The film also has rampant profanities and racial slurs, and in one key moment, the officers mockingly force their detainees to recite prayers in order to not be shot or beaten further.
Yet there are glimmers of hope scattered throughout, including one character’s ultimate redemption months later.
Director Kathryn Bigelow and writer Mark Boal have teamed up before to Oscar-winning effect on the 2009 Best Picture winner “The Hurt Locker” and on “Zero Dark Thirty,” and use those films’ stark documentary-style approach to solid effect in setting up the tensions that led to the Algiers Hotel. Once inside with the cops engaged in their reign of terror, they manage to create a claustrophobic tension that is undeniably compelling but hard to endure.
As Krauss, Poulter delivers a performance that stands as one of the most vicious figures to be seen in years, and offers a portrait of how one man’s evil can infect those around him. He is counterpointed by Boyega’s Dismukes, seen as a man who did the best he could over a horrifying night but will remain haunted by it still not being enough.
The film also gives a human face to the victims of that horrific incident, showing Larry in particular as a man with dreams who just found himself in the wrong place at the wrong time.

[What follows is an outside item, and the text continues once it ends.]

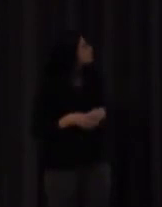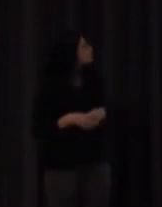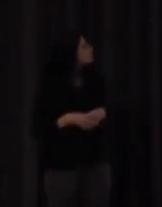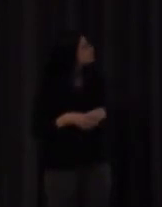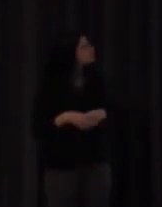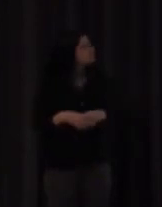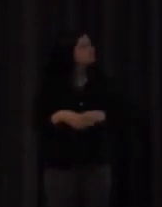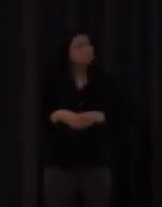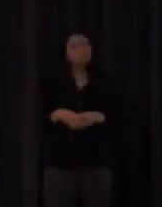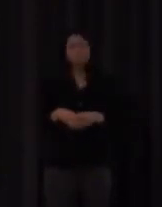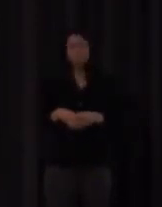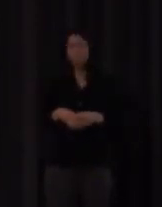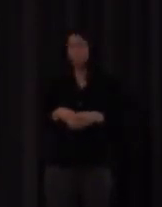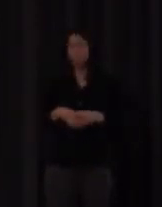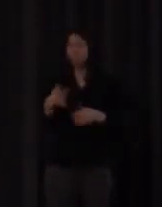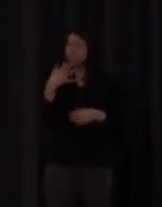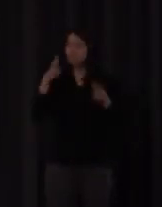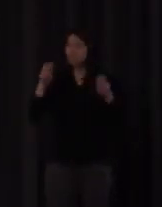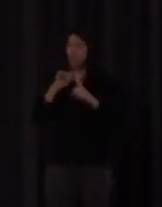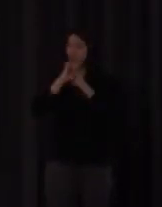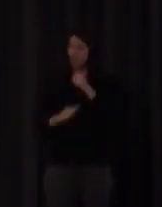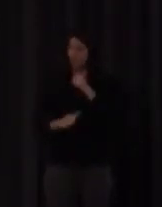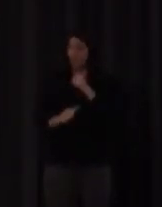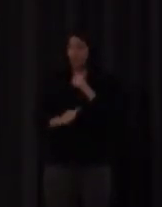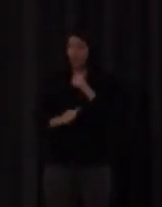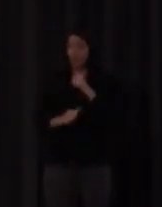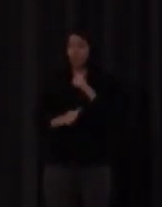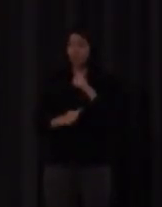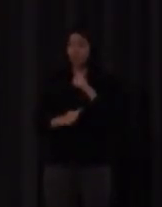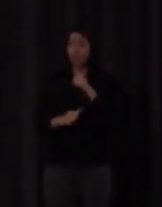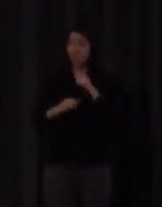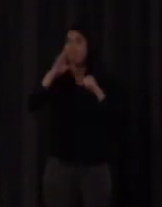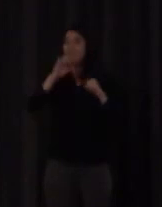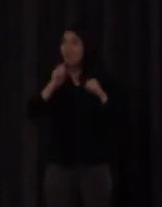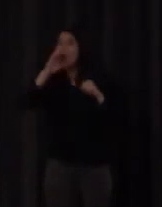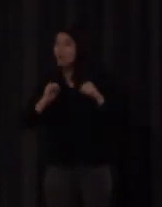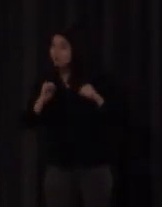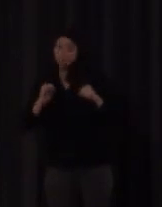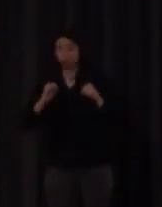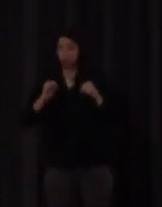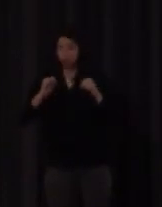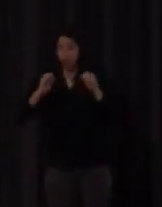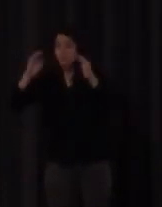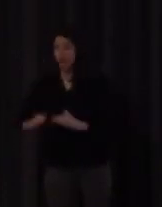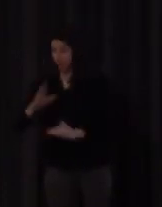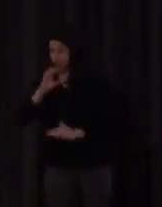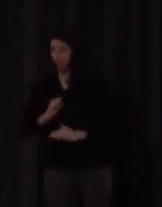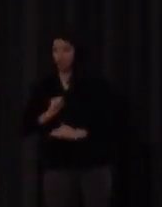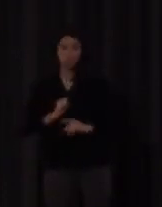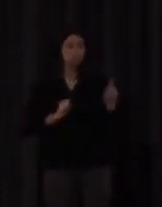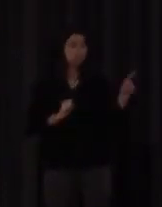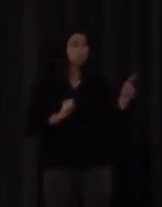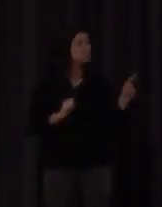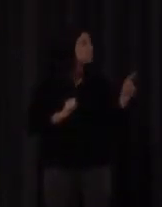hay un índice de error menor comparando con una propuesta también publicada por la gente del

There are quick moments in which a compassionate policeman or Guardsman are shown helping a person escape, but overall “Detroit” shows what happens when absolute power corrupts absolutely.
“Detroit” roots its message in one major city’s worst moments, but as we have seen too many times over the past few years, police brutality and unwarranted shootings continue to occur. This could just as well be called “Baltimore,” “Ferguson” or “St. Paul,” making this a film that is often hard to watch but which those with an interest in history and social justice issues may find compelling to view.
* Catholic News Agency columns are opinion and do not necessarily express the perspective of the agency.